EXERCISE:
With the pictures removed, reproduce exactly the lines from the one that contains "Character: 豌" through the last line of the entries below.
--- START ---
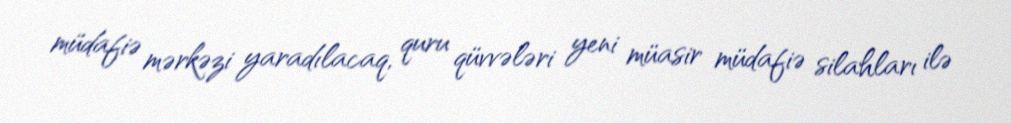
müdafiə mərkəzi yaradılacaq, quru qüvvələri yeni müasir müdafiə silahları ilə
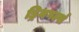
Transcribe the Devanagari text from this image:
ड्रिमगर्ल्स
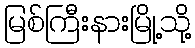
မြစ်ကြီးနားမြို့သို့
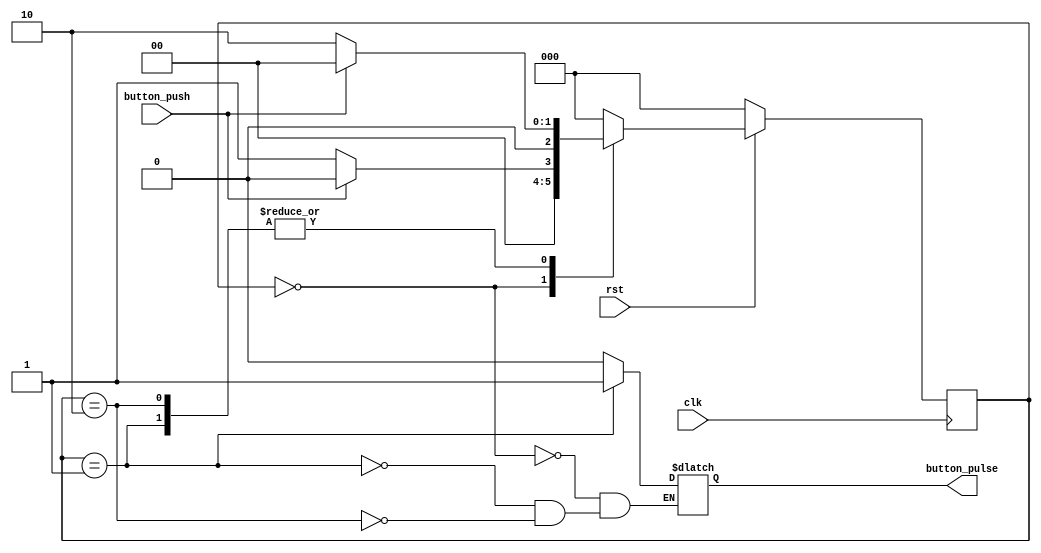
module button_shaper(button_push, button_pulse, clk, rst);
 //declaring inputs and outputs
 input button_push;
 output button_pulse;
 reg button_pulse;

 //clock and reset
 input clk,rst;

 //register to store state
 reg[2:0] state,state_next;
 parameter s_wait=0, state1=1, state2=2, state3=3;

 //loop at each positive edge of clock cycle
 always @ (state, button_push)
 begin
   case(state)
    s_wait:
     begin
      button_pulse<=0;
      if (button_push==1)
       state_next<=s_wait; 
      else
        //moving to pulse generation states when button pushed
        state_next<=state1;
     end
    //Single pulse generation
    state1:
     begin
      button_pulse<=1;
      if(button_push==1)
       state_next<=s_wait;
      else
      state_next<=state2;
     end
    state2:
     begin
      button_pulse<=0;
      if(button_push==1)
       state_next<=s_wait;
      else
      state_next<=state2;
     end
    default:
      state_next<=s_wait;
   endcase
  end

always @ (posedge clk)
begin
 if(rst==0)
  state <= s_wait;
 else
  state <= state_next;
end
endmodule
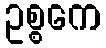
ဥစ္စကေ
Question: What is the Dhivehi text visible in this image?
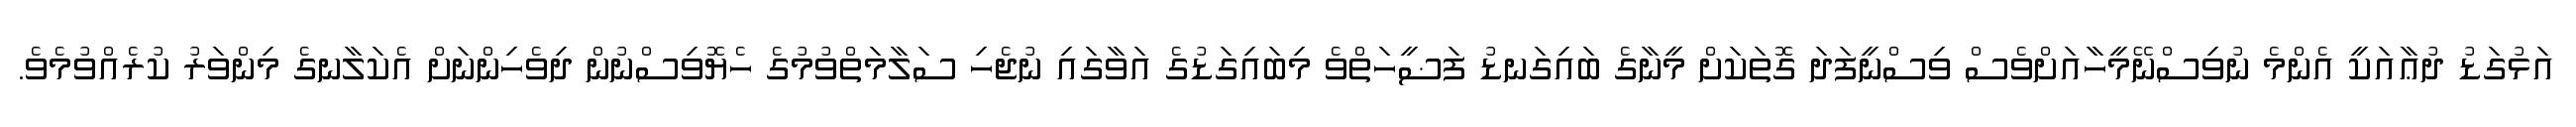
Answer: އަޅުގަޑު ދުޢާއަކީ އެންމެ ނުވިސްނޭމީހާއަށްވެސް ވިސްނީފަދަ ގޮތަކަށް މީނާގެ ބައިގަނޑު ފަޟީހަތްވެ މިބައިގަޑުގެ އަވާގައި ނުޖެހި ސަލާމަތްވުމުގެ ހެޔޮވިސްނުން ދިވެހިންނަށް އެކަލާނގެ މިންވަރު ކުރެއްވުމެވެ.
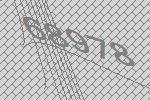
68978
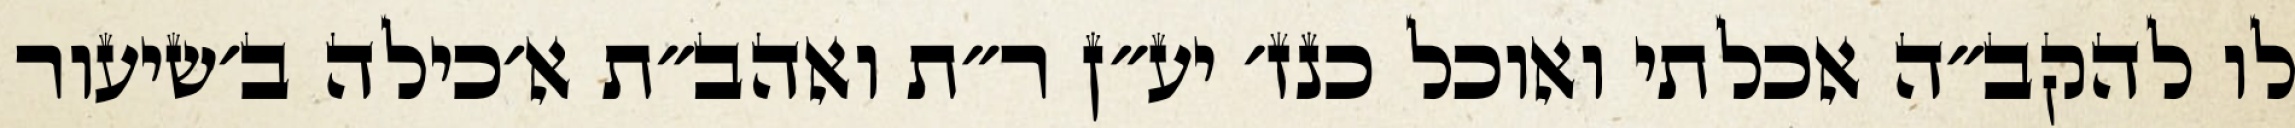
לו להקב״ה אכלתי ואוכל כנז׳ יע״ן ר״ת ואהב״ת א׳כילה ב׳שיעור
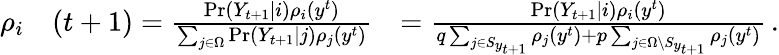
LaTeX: \begin{array}{rlr}{\rho_{i}}&{(t+1)=\frac{\operatorname*{Pr}(Y_{t+1}\mid i)\rho_{i}(y^{t})}{\sum_{j\in\Omega}\operatorname*{Pr}(Y_{t+1}\mid j)\rho_{j}(y^{t})}}&{=\frac{\operatorname*{Pr}(Y_{t+1}\mid i)\rho_{i}(y^{t})}{q\sum_{j\in S_{y_{t+1}}}\rho_{j}(y^{t})+p\sum_{j\in\Omega\setminus S_{y_{t+1}}}\rho_{j}(y^{t})}\, .}\end{array}
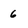
Character: 6
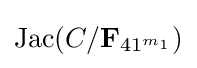
{\text{Jac}}(C/{\bf {F}}_{41^{m_{1}}})
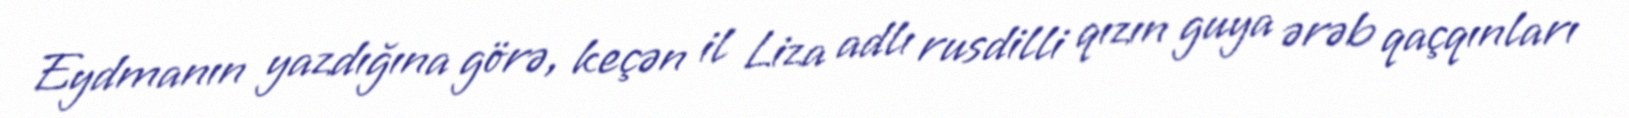
Eydmanın yazdığına görə, keçən il Liza adlı rusdilli qızın guya ərəb qaçqınları
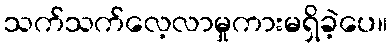
သက်သက်လေ့လာမှုကားမရှိခဲ့ပေ။
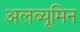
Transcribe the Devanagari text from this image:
अलब्यूमिन
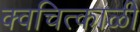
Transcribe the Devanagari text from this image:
क्वचित्काळी
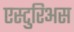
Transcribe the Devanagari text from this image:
एस्टुरिअस
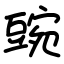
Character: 豌
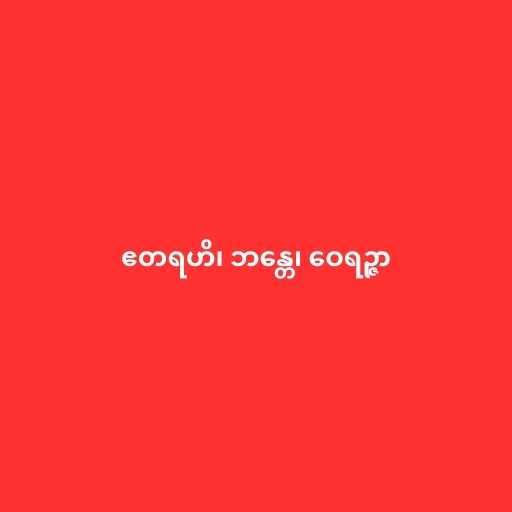
ဧတရဟိ၊ ဘန္တေ၊ ဝေရဉ္ဇာ
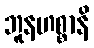
ဘူနဟစ္စာနိ
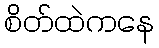
စိတ်ထဲကနေ
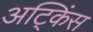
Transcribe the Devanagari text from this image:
अट्किंस
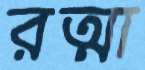
রত্মা
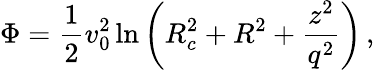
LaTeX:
--- END ---
SOLUTION TO THIS EXERCISE:
Character: 豌
ဧတရဟိ၊ ဘန္တေ၊ ဝေရဉ္ဇာ
ဘူနဟစ္စာနိ
စိတ်ထဲကနေ
Transcribe the Devanagari text from this image:
अट्किंस
রত্মা
LaTeX:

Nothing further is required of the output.